Yes, you and your client need to understand the gap between where they are today and where they need to be.
But isn't it so much better if that gap is about upside and growth?
And won't working on those growth challenges build your capabilities much more than just fixing the same old problems?
Isn't there much less competition at the top? Aren't car designers better paid than garage mechanics?
Next time you revisit your marketing strategy, take a look at who you see as your ideal client. Who you target with direct mail or who you focus your website content on.
(In fact, as I write this my stomach has just turned as I realise the pay-per-click campaign I've been testing is focused on pain rather than gain. Time to fix that).

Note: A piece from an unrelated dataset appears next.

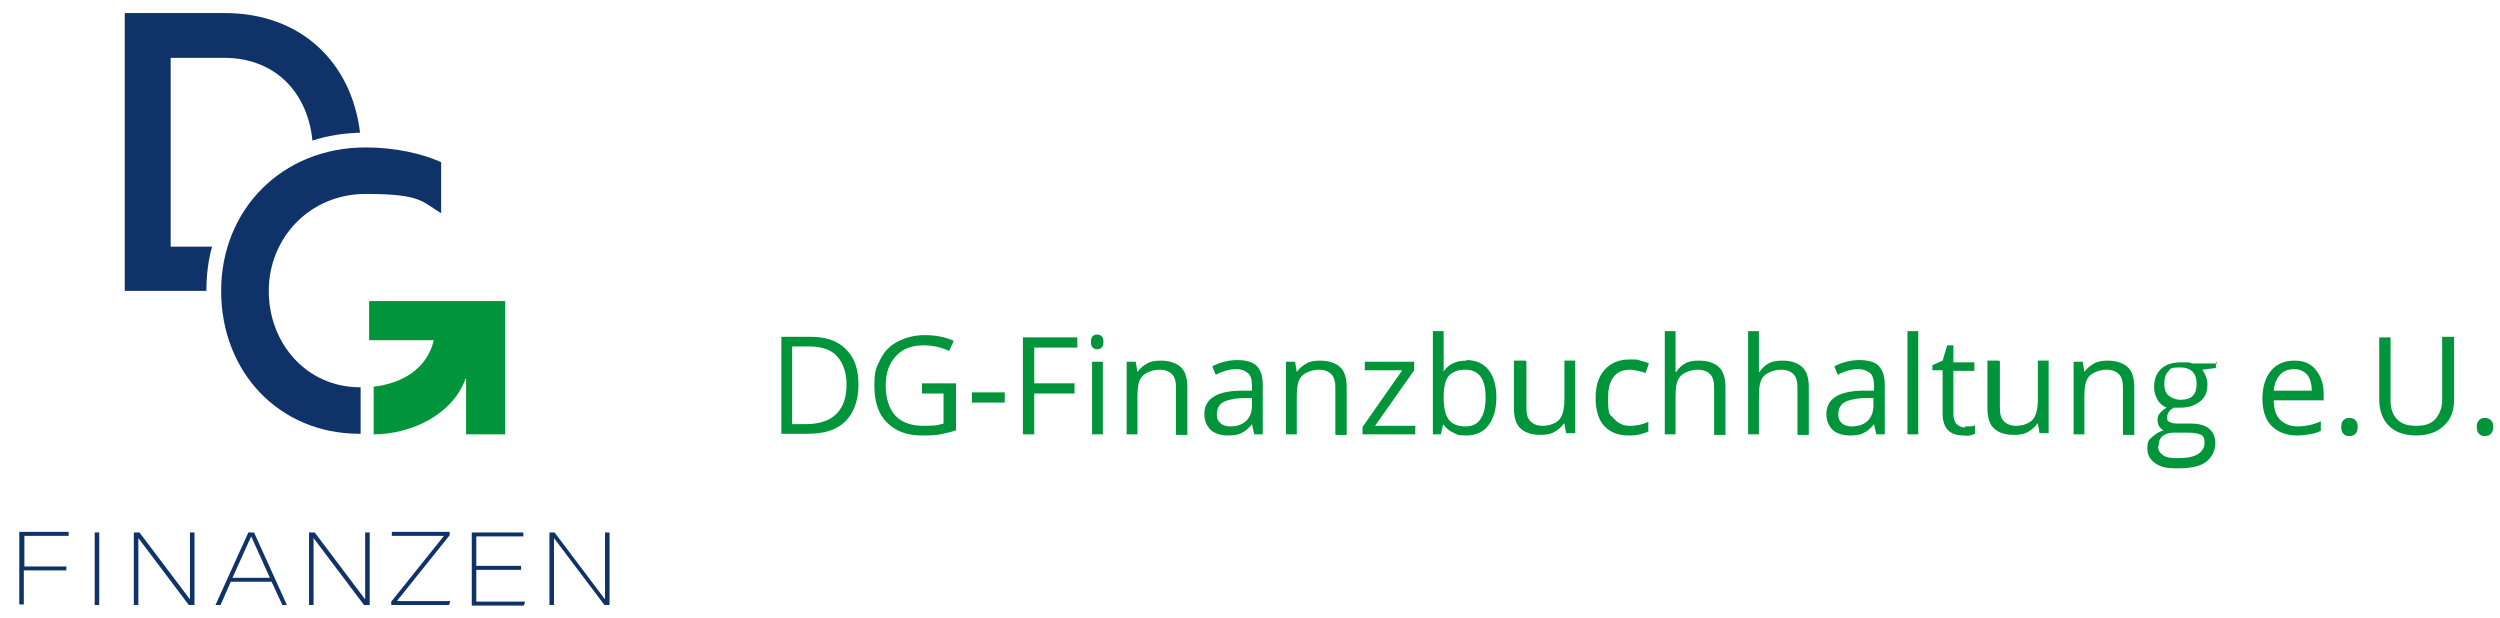 <?xml version="1.0" encoding="UTF-8"?><svg xmlns="http://www.w3.org/2000/svg" version="1.1" viewBox="0 0 440.9 109">  <defs>    <style>      .cls-1, .cls-2 {        fill: #00953a;      }      .cls-2 {        fill-rule: evenodd;      }      .cls-3 {        fill: #0f3368;      }      .cls-4 {        isolation: isolate;      }    </style>  </defs>  <!-- Generator: Adobe Illustrator 28.6.0, SVG Export Plug-In . SVG Version: 1.2.0 Build 709)  -->  <g>    <g id="Ebene_1">      <g id="Ebene_1-2" data-name="Ebene_1">        <path class="cls-3" d="M30.1,43.5V10.2h9.4c9.2,0,14.8,6.3,15.6,14.6,2.7-.9,5.5-1.3,8.4-1.4-1.5-12.4-10.4-21.1-23.9-21.1h-17.6v49h14.4c0-2.7.3-5.3,1-7.8h-7.2,0Z"/>        <path class="cls-2" d="M82.1,66.8c-2.3,6.4-9.7,9.8-16.2,9.8v-8.4c5-.6,9.4-3.1,10.6-8.2h-11.4v-6.9h24v23.5h-6.9s0-9.8,0-9.8Z"/>        <path class="cls-3" d="M63.5,68.3c-9.4,0-16.1-7.7-16.1-17s7.2-17.1,17.1-17.1,9.9,1.4,13.3,3.4v-9c-3.3-1.5-8.1-2.6-13.3-2.6-14.8,0-25.5,11-25.5,25.3s10.2,25.2,24.4,25.2h.2v-8.2h0Z"/>        <g>          <path class="cls-3" d="M4.2,100.5v6.1h-.8v-12.8h8.7v.7h-7.8v5.4h7.4v.7h-7.4Z"/>          <path class="cls-3" d="M16.7,106.7v-12.8h.8v12.8h-.8Z"/>          <path class="cls-3" d="M33.3,106.7l-8.9-11.8v11.8h-.8v-12.8h1l8.9,11.8v-11.8h.8v12.8h-1Z"/>          <path class="cls-3" d="M49.8,106.7l-1.9-4.1h-7.2l-1.8,4.1h-.9l5.8-12.8h1l5.8,12.8h-.9ZM44.3,94.6l-3.3,7.3h6.6l-3.3-7.3h0Z"/>          <path class="cls-3" d="M64.2,106.7l-8.9-11.8v11.8h-.8v-12.8h1l8.9,11.8v-11.8h.8v12.8h-1Z"/>          <path class="cls-3" d="M69,106.7v-.6l9.3-11.6h-9.2v-.7h10.2v.6l-9.3,11.6h9.4l-.2.7h-10.3Z"/>          <path class="cls-3" d="M83.2,106.7v-12.8h9.1v.7h-8.3v5.2h7.9v.7h-7.9v5.6h8.6l-.2.7h-9.2Z"/>          <path class="cls-3" d="M106.6,106.7l-8.9-11.8v11.8h-.8v-12.8h.9l8.9,11.8v-11.8h.8v12.8h-.9Z"/>        </g>        <g class="cls-4">          <g class="cls-4">            <path class="cls-1" d="M151.4,67.8c0,2.8-.8,5-2.3,6.5s-3.7,2.2-6.6,2.2h-4.7v-17.1h5.2c2.7,0,4.7.7,6.2,2.2s2.2,3.5,2.2,6.2ZM149.3,67.9c0-2.2-.6-3.9-1.7-5.1s-2.8-1.7-5-1.7h-2.9v13.7h2.4c2.4,0,4.2-.6,5.4-1.8s1.8-2.9,1.8-5.2Z"/>            <path class="cls-1" d="M162.8,67.6h5.8v8.3c-.9.3-1.8.5-2.8.7s-2,.2-3.3.2c-2.6,0-4.6-.8-6.1-2.3s-2.2-3.7-2.2-6.5.4-3.3,1.1-4.7,1.7-2.4,3.1-3.1,2.9-1.1,4.7-1.1,3.5.3,5.1,1l-.8,1.8c-1.5-.7-3-1-4.5-1-2.1,0-3.7.6-4.9,1.9s-1.8,3-1.8,5.2.6,4.1,1.7,5.3,2.8,1.8,5,1.8,2.3-.1,3.5-.4v-5.3h-3.8v-1.8Z"/>            <path class="cls-1" d="M171.4,71v-1.8h5.8v1.8h-5.8Z"/>            <path class="cls-1" d="M182.4,76.6h-2v-17.1h9.6v1.8h-7.6v6.3h7.1v1.8h-7.1v7.3Z"/>            <path class="cls-1" d="M192.4,60.3c0-.4.1-.8.3-1s.5-.3.8-.3.6.1.8.3.3.5.3,1-.1.8-.3,1-.5.3-.8.3-.6-.1-.8-.3-.3-.5-.3-1ZM194.5,76.6h-1.9v-12.8h1.9v12.8Z"/>            <path class="cls-1" d="M207.4,76.6v-8.3c0-1-.2-1.8-.7-2.3s-1.2-.8-2.2-.8-2.3.4-3,1.1-.9,1.9-.9,3.6v6.7h-1.9v-12.8h1.6l.3,1.8h0c.4-.6,1-1.1,1.7-1.5s1.5-.5,2.4-.5c1.5,0,2.7.4,3.5,1.1s1.2,1.9,1.2,3.6v8.4h-1.9Z"/>            <path class="cls-1" d="M221.2,76.6l-.4-1.8h0c-.6.8-1.3,1.3-1.9,1.6s-1.4.4-2.4.4-2.3-.3-3-1-1.1-1.6-1.1-2.8c0-2.6,2.1-4,6.2-4.1h2.2v-.9c0-1-.2-1.8-.7-2.2s-1.1-.7-2.1-.7-2.3.3-3.6,1l-.6-1.5c.6-.3,1.3-.6,2.1-.8s1.5-.3,2.3-.3c1.5,0,2.7.3,3.4,1s1.1,1.8,1.1,3.3v8.8h-1.4ZM216.9,75.2c1.2,0,2.2-.3,2.9-1s1-1.6,1-2.8v-1.2h-1.9c-1.5.1-2.7.4-3.3.8s-1,1.1-1,2,.2,1.2.6,1.6,1,.6,1.8.6Z"/>            <path class="cls-1" d="M235.5,76.6v-8.3c0-1-.2-1.8-.7-2.3s-1.2-.8-2.2-.8-2.3.4-3,1.1-.9,1.9-.9,3.6v6.7h-1.9v-12.8h1.6l.3,1.8h0c.4-.6,1-1.1,1.7-1.5s1.5-.5,2.4-.5c1.5,0,2.7.4,3.5,1.1s1.2,1.9,1.2,3.6v8.4h-1.9Z"/>            <path class="cls-1" d="M249.6,76.6h-9.3v-1.3l7-10h-6.6v-1.5h8.7v1.5l-6.9,9.8h7.1v1.5Z"/>            <path class="cls-1" d="M258.6,63.5c1.7,0,3,.6,3.9,1.7s1.4,2.8,1.4,4.9-.5,3.7-1.4,4.9-2.2,1.8-3.9,1.8-1.6-.2-2.3-.5-1.3-.8-1.7-1.4h-.1l-.4,1.7h-1.4v-18.2h1.9v4.4c0,1,0,1.9,0,2.7h0c.9-1.3,2.2-1.9,4-1.9ZM258.4,65.2c-1.3,0-2.3.4-2.9,1.1s-.9,2-.9,3.8.3,3.1.9,3.9,1.6,1.2,2.9,1.2,2.1-.4,2.7-1.3.9-2.1.9-3.8-.3-2.9-.9-3.7-1.5-1.2-2.7-1.2Z"/>            <path class="cls-1" d="M269.2,63.7v8.3c0,1,.2,1.8.7,2.3s1.2.8,2.2.8,2.3-.4,2.9-1.1.9-1.9.9-3.6v-6.8h1.9v12.8h-1.6l-.3-1.7h-.1c-.4.6-1,1.1-1.7,1.5s-1.5.5-2.4.5c-1.6,0-2.7-.4-3.5-1.1s-1.2-1.9-1.2-3.6v-8.4h2Z"/>            <path class="cls-1" d="M287.2,76.8c-1.9,0-3.3-.6-4.3-1.7s-1.5-2.8-1.5-4.9.5-3.8,1.6-5,2.5-1.8,4.4-1.8,1.2,0,1.9.2,1.1.3,1.5.5l-.6,1.7c-.4-.2-.9-.3-1.4-.4s-1-.2-1.3-.2c-2.6,0-3.9,1.7-3.9,5s.3,2.8,1,3.6,1.6,1.3,2.8,1.3,2.2-.2,3.3-.7v1.7c-.9.4-1.9.7-3.2.7Z"/>            <path class="cls-1" d="M302.3,76.6v-8.3c0-1-.2-1.8-.7-2.3s-1.2-.8-2.2-.8-2.3.4-3,1.1-.9,1.9-.9,3.6v6.7h-1.9v-18.2h1.9v5.5c0,.7,0,1.2,0,1.7h.1c.4-.6.9-1.1,1.6-1.5s1.5-.5,2.4-.5c1.6,0,2.7.4,3.5,1.1s1.2,1.9,1.2,3.6v8.4h-1.9Z"/>            <path class="cls-1" d="M317,76.6v-8.3c0-1-.2-1.8-.7-2.3s-1.2-.8-2.2-.8-2.3.4-3,1.1-.9,1.9-.9,3.6v6.7h-1.9v-18.2h1.9v5.5c0,.7,0,1.2,0,1.7h.1c.4-.6.9-1.1,1.6-1.5s1.5-.5,2.4-.5c1.6,0,2.7.4,3.5,1.1s1.2,1.9,1.2,3.6v8.4h-1.9Z"/>            <path class="cls-1" d="M330.9,76.6l-.4-1.8h0c-.6.8-1.3,1.3-1.9,1.6s-1.4.4-2.4.4-2.3-.3-3-1-1.1-1.6-1.1-2.8c0-2.6,2.1-4,6.2-4.1h2.2v-.9c0-1-.2-1.8-.7-2.2s-1.1-.7-2.1-.7-2.3.3-3.6,1l-.6-1.5c.6-.3,1.3-.6,2.1-.8s1.5-.3,2.3-.3c1.5,0,2.7.3,3.4,1s1.1,1.8,1.1,3.3v8.8h-1.4ZM326.5,75.2c1.2,0,2.2-.3,2.9-1s1-1.6,1-2.8v-1.2h-1.9c-1.5.1-2.7.4-3.3.8s-1,1.1-1,2,.2,1.2.6,1.6,1,.6,1.8.6Z"/>            <path class="cls-1" d="M338.3,76.6h-1.9v-18.2h1.9v18.2Z"/>            <path class="cls-1" d="M346.5,75.2c.3,0,.7,0,1,0s.6-.1.8-.2v1.5c-.2.1-.5.2-.9.3s-.8,0-1.1,0c-2.5,0-3.7-1.3-3.7-3.9v-7.6h-1.8v-.9l1.8-.8.8-2.7h1.1v3h3.7v1.5h-3.7v7.6c0,.8.2,1.4.6,1.8s.9.6,1.5.6Z"/>            <path class="cls-1" d="M352.7,63.7v8.3c0,1,.2,1.8.7,2.3s1.2.8,2.2.8,2.3-.4,2.9-1.1.9-1.9.9-3.6v-6.8h1.9v12.8h-1.6l-.3-1.7h-.1c-.4.6-1,1.1-1.7,1.5s-1.5.5-2.4.5c-1.6,0-2.7-.4-3.5-1.1s-1.2-1.9-1.2-3.6v-8.4h2Z"/>            <path class="cls-1" d="M374.4,76.6v-8.3c0-1-.2-1.8-.7-2.3s-1.2-.8-2.2-.8-2.3.4-3,1.1-.9,1.9-.9,3.6v6.7h-1.9v-12.8h1.6l.3,1.8h0c.4-.6,1-1.1,1.7-1.5s1.5-.5,2.4-.5c1.5,0,2.7.4,3.5,1.1s1.2,1.9,1.2,3.6v8.4h-1.9Z"/>            <path class="cls-1" d="M390.8,63.7v1.2l-2.4.3c.2.3.4.6.6,1.1s.3.9.3,1.5c0,1.3-.4,2.3-1.3,3s-2,1.1-3.5,1.1-.7,0-1.1,0c-.8.4-1.2,1-1.2,1.7s.1.6.4.8.8.3,1.5.3h2.3c1.4,0,2.5.3,3.2.9s1.1,1.4,1.1,2.6-.6,2.5-1.7,3.3-2.8,1.1-5,1.1-3-.3-3.9-.9-1.4-1.5-1.4-2.6.2-1.5.8-2,1.2-1,2.1-1.2c-.3-.1-.6-.4-.8-.7s-.3-.7-.3-1.1.1-.9.4-1.2.6-.7,1.2-1c-.7-.3-1.2-.7-1.6-1.4s-.6-1.4-.6-2.2c0-1.4.4-2.5,1.3-3.3s2-1.1,3.6-1.1,1.3,0,1.8.2h4.4ZM380.6,78.7c0,.7.3,1.2.9,1.6s1.4.5,2.5.5c1.6,0,2.8-.2,3.6-.7s1.2-1.2,1.2-2-.2-1.2-.6-1.4-1.2-.4-2.4-.4h-2.3c-.9,0-1.6.2-2.1.6s-.7,1-.7,1.8ZM381.7,67.8c0,.9.3,1.6.8,2s1.2.7,2.1.7c1.9,0,2.8-.9,2.8-2.8s-1-2.9-2.9-2.9-1.6.2-2.1.7-.7,1.2-.7,2.2Z"/>            <path class="cls-1" d="M405.1,76.8c-1.9,0-3.4-.6-4.5-1.7s-1.6-2.8-1.6-4.8.5-3.7,1.5-4.9,2.4-1.8,4.1-1.8,2.9.5,3.8,1.6,1.4,2.5,1.4,4.2v1.2h-8.8c0,1.5.4,2.7,1.1,3.4s1.7,1.2,3.1,1.2,2.8-.3,4.1-.9v1.7c-.7.3-1.3.5-2,.6s-1.4.2-2.2.2ZM404.6,65.1c-1,0-1.9.3-2.5,1s-1,1.6-1.1,2.8h6.7c0-1.2-.3-2.2-.8-2.8s-1.3-1-2.3-1Z"/>            <path class="cls-1" d="M412.9,75.3c0-.5.1-.9.4-1.2s.6-.4,1-.4.8.1,1.1.4.4.7.4,1.2-.1.9-.4,1.2-.6.4-1.1.4-.7-.1-1-.4-.4-.7-.4-1.2Z"/>            <path class="cls-1" d="M432.8,59.4v11.1c0,2-.6,3.5-1.8,4.6s-2.8,1.7-4.9,1.7-3.7-.6-4.8-1.7-1.7-2.7-1.7-4.6v-11h2v11.2c0,1.4.4,2.5,1.2,3.3s1.9,1.1,3.4,1.1,2.6-.4,3.3-1.2,1.2-1.9,1.2-3.3v-11.2h2Z"/>            <path class="cls-1" d="M436.8,75.3c0-.5.1-.9.4-1.2s.6-.4,1-.4.8.1,1.1.4.4.7.4,1.2-.1.9-.4,1.2-.6.4-1.1.4-.7-.1-1-.4-.4-.7-.4-1.2Z"/>          </g>        </g>      </g>    </g>  </g></svg>

Look at your marketing. What sort of client would be attracted by your headlines, your tweets, your sales letters?
A struggling client, or a growing client?
Who do you really want to work with?
Posted 29th May 2011.
I've been a big fan of Alan Weiss's work for a number of years.
It was probably reading Million Dollar Consulting while on holiday in Hong Kong many years ago that inspired me to go solo.
I don't always agree with everything he says (I suspect Alan would say those are the times when I'm wrong). But his arguments are always well made and based on probably more experience of high level solo consulting than anyone else.
One of the thing's I've heard Alan say on a number of occassions is that “finding the pain” went out with the ark. That it's no way to sell your services.
That had always puzzled me. Finding the pain for me means diagnosing the client's problems and understanding which are the biggest priority (and so motivating them to buy).
I always wondered what he didn't like about it. Perhaps he considered it to be manipulative or something?
Thanks to the power of the web, these days we have a chance to interact with “superstars”, not just read their books. So when Alan repeated this statement on a blog post recently I asked him to elaborate.
His answer was incredibly significant.
His point was not that “finding the pain” was unethical – or even that it didn't work. But that it led to commoditisation. Problem solving to address clear areas of pain is something most organisations have got good at, and that a whole bunch of consultants and coaches can do pretty well.
Or put it this way, lots of car mechanics and engineers can fix a broken engine. But how many can design and build a new one?
Who is it that gets paid the big bucks? Not the guy down your local repair shop.
So by focusing on aspirations and innovation instead you set yourself ahead of the pack. You're not easily copied, and you're not doing work that the client finds difficult to justify paying high fees for because they could probably have done it themselves.
To my mind, this is more important today than it's ever been.
Whether we're talking about decreasing purchasing costs, writing a marketing plan, creating a website or improving your people management skills: 5 years ago if you needed to do it you had a very limited choice of people you could find to help who you were confident would do a good job.
These days you can go online and find decent free guidance, buy a training course, or hire one of a myriad of competent advisors willing to help at highly competitive rates.
So for consultants and coaches, the days of an easy six figure income just because you're skilled in something clients need are over. It's just too easy for clients to find competent help at low cost.
If you do want that six figures and more income then simply solving problems isn't going to be enough. You have to help them innovate. Achieve something they didn't even know was there. Deliver something remarkable the problem-solvers can't match.
Sure, you might have to start by fixing some core problems – find the pain and stop the bleeding in medical terms. But you then have to move on to something much bigger.
If that's making you feal uneasy, it's a good thing. It makes me feel uneasy too because the implications are big.
It means we have to constantly stay at the leading edge of our field. We can't just learn our trade then happily ply it for 20 years.
And it means we have to find the clients that need more than problem solving. That have the appetitie for something bigger.
But it also means we're going to have an interesting and rewarding time doing it.